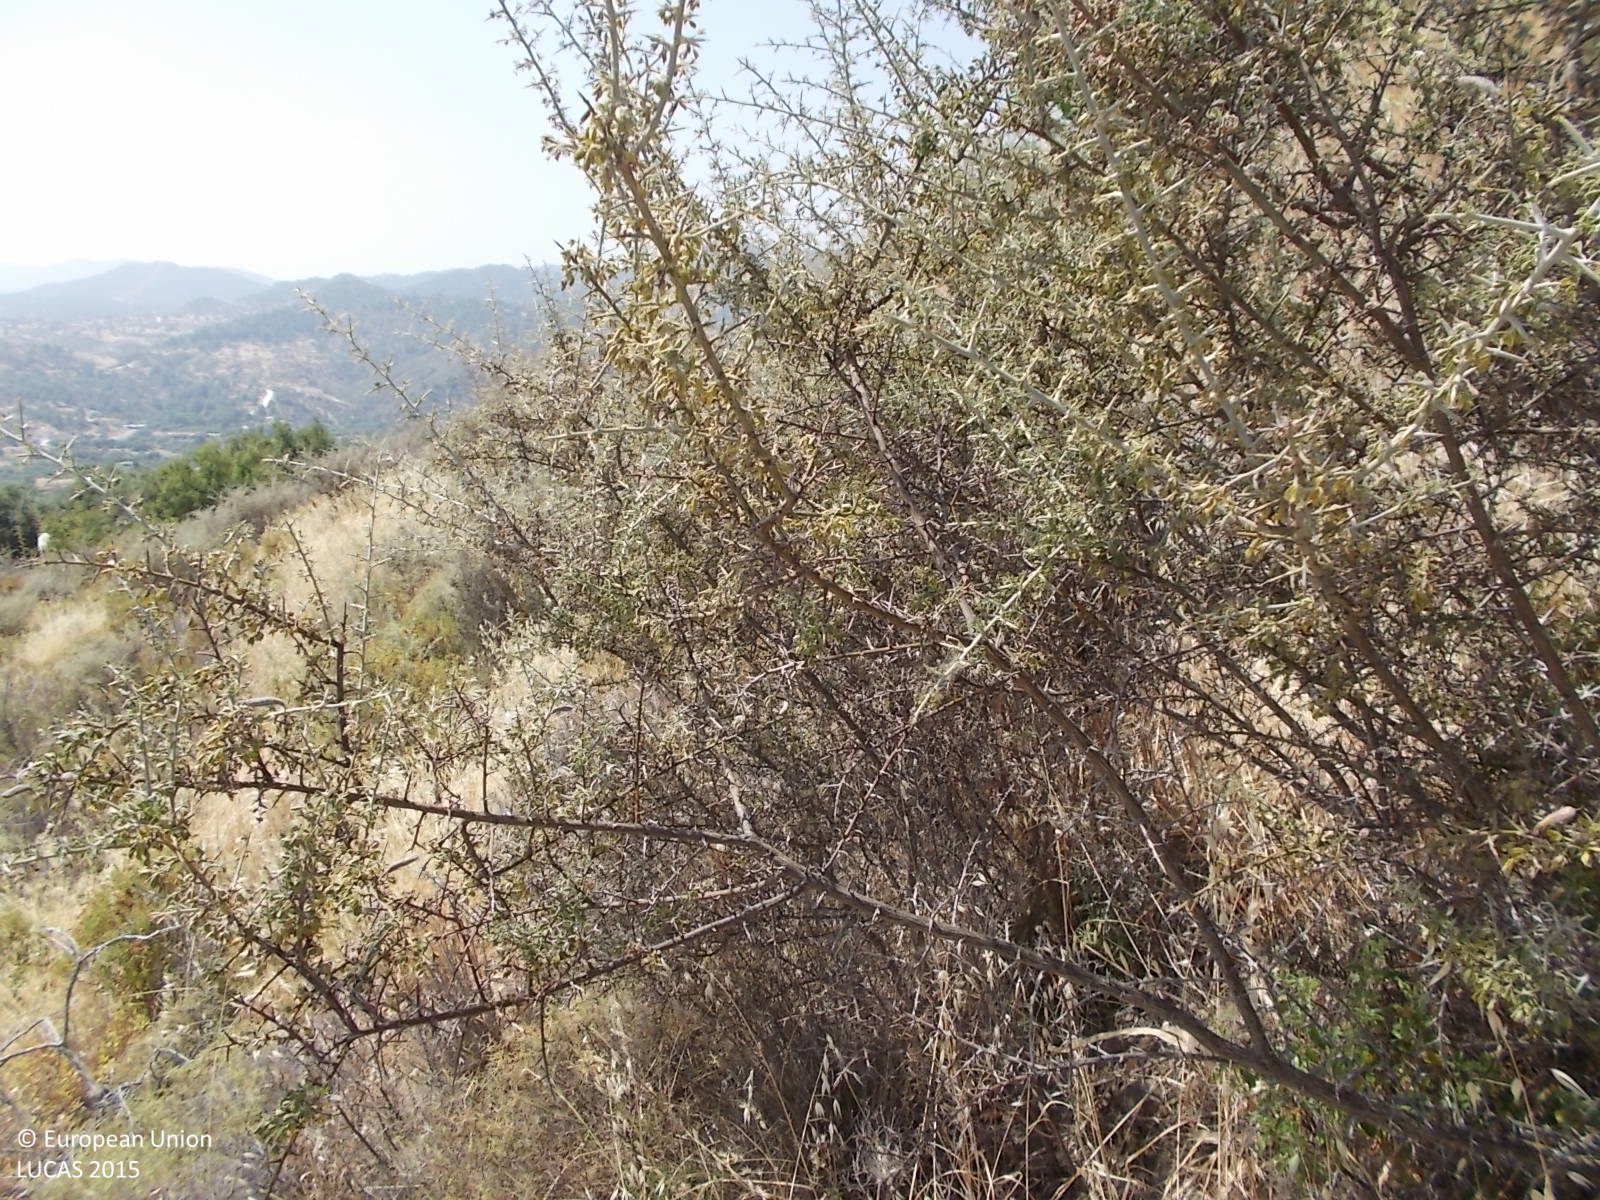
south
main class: Shrubland
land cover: Shrubland without tree cover
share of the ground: 25 - 50 %
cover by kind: herbaceous plants 55 %, shrubs 35 %, unconsolidated bare surface 10 %
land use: Semi-natural and natural areas not in use
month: May
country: CY
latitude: 35.1784
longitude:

■ ■ ■

### DIRECTIONS
What you return should match the records above word for word, minus the pictures.

### RESPONSE FOR THIS EXERCISE
south
main class: Shrubland
land cover: Shrubland without tree cover
share of the ground: 25 - 50 %
cover by kind: herbaceous plants 55 %, shrubs 35 %, unconsolidated bare surface 10 %
land use: Semi-natural and natural areas not in use
month: May
country: CY
latitude: 35.1784
longitude:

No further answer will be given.